使用人の中にはジルに同情的な者もいましたので、祝福の言葉やこれまでの苦労を労る言葉をかけていくのでした。

 それに曖昧な笑顔を浮かべて返事を返しながらも、ジルは何だかふわふわと足が地に着いていないような心境で、お城へ行く話が喜ばしいことなのか、自分にとって幸運なことなのかまだ分からずにいました。


 庭の植物たちが強い昼の日差しからジルの白い肌を守るように、葉の影を優しく落とします。
 
働き尽くめで疲れていたジルは庭に置かれた椅子に座ったままで、うとうとと眠りに誘われていくのでした。


 そうして、太陽の光を緑が反射して輝く時刻は過ぎ去り、いつのまにか辺りは夕刻の穏やかな光に包まれていきます。

その頃になるとジルもうたた寝から目覚めて、目を擦りながら椅子から身を起こしました。

そして、寝惚けた目が自分の身体に差している大きな影を見つけると、ぎくりと身を強張らせました。

それは庭の木や植物とは違う、見覚えのある人影だったのです。


 見ると、ジルの座る椅子の傍らに立っていたのはルークでした。

レイモンド、ライナスとあまり折り合いの良くない次男のルークは、時折ふらりと一人で屋敷から出て行ってしまうことがありました。

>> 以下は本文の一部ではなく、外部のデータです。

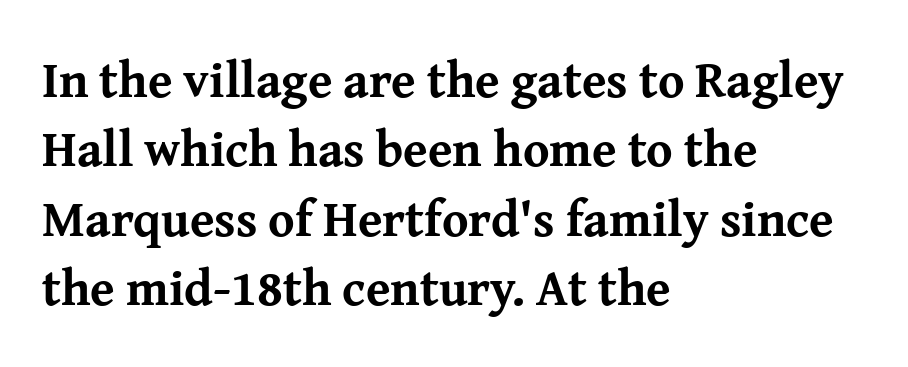
The face used here is rendered with its standard letterfit. The characters display serif detailing at their extremities. Notice how the passage keeps a crisp vertical edge on the left only. These lines sit exactly where default settings would place them.
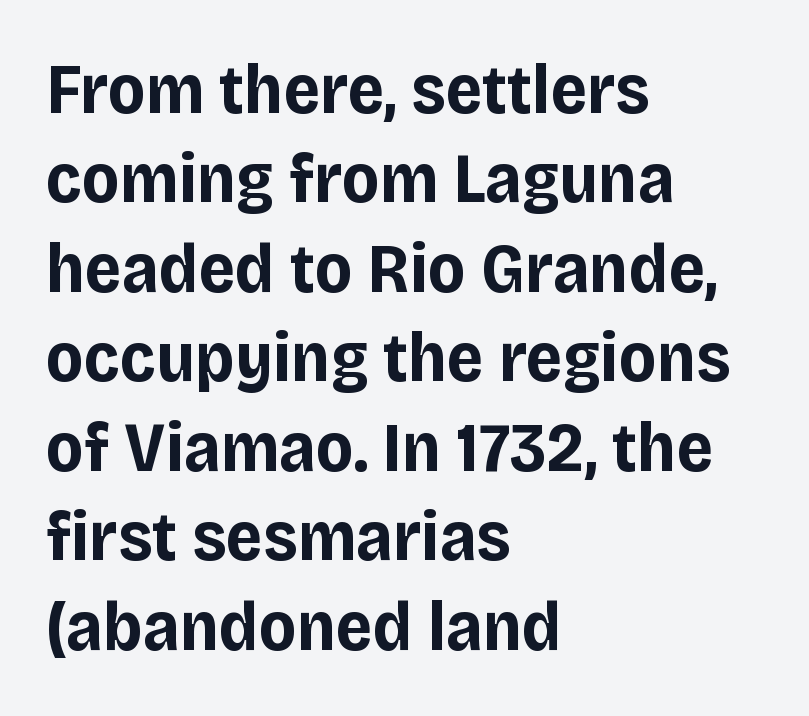
Every row of glyphs begins at an identical x-position on the left. Look at the tracking — it's just the regular setting, nothing added. Plain, unruled lines of type. Horizontal bands of white between lines are of average thickness. Is this a sans? Yes — the strokes have no serifs.

舞踏会の前日くらいから今日までずっと姿を見ることがなかったので、ジルはまたどこかに出かけているのかと思っていましたが――


 ジルは顔色を窺うように見上げてみましたが、ルークは日を背にして立っているので、顔には深い影がかかってその表情を知ることはできませんでした。

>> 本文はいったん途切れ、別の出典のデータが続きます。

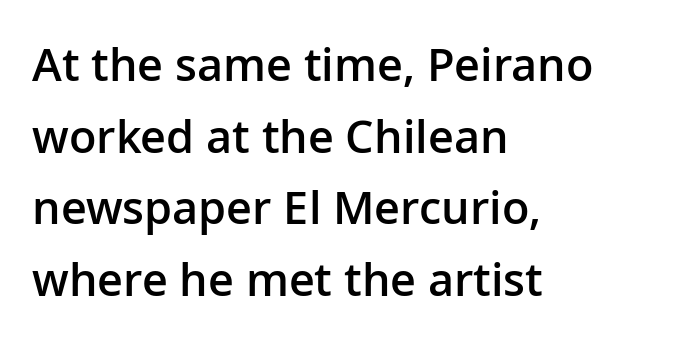
{"serif": "no", "italic": "no", "bold": "semi", "weight": "semibold", "width": "normal", "stroke_contrast": "low", "x_height": "medium", "monospaced": "no", "underline": "no", "align": "left", "line_spacing": "normal", "line_spacing_ratio": 1.59, "letter_spacing": "normal", "letter_spacing_em": 0.0, "glyph_px": 45}

やがて「ついて来い」とだけ低い声で告げると、ルークはジルに背を向けて歩き出しました。


(ああ……そういえば、夕刻なんだ)

 夕時に部屋に呼ばれるいつもの行為を思い出して、ジルはルークに聞こえないようにそっと溜息を吐きました。

そうしているうちにも、振り返りもせずにルークは大股で歩いていってしまいます。

 ルークの機嫌を損ねないよう、ジルは起き抜けの重い身体を引き摺りながら、その後を追いかけるのでした。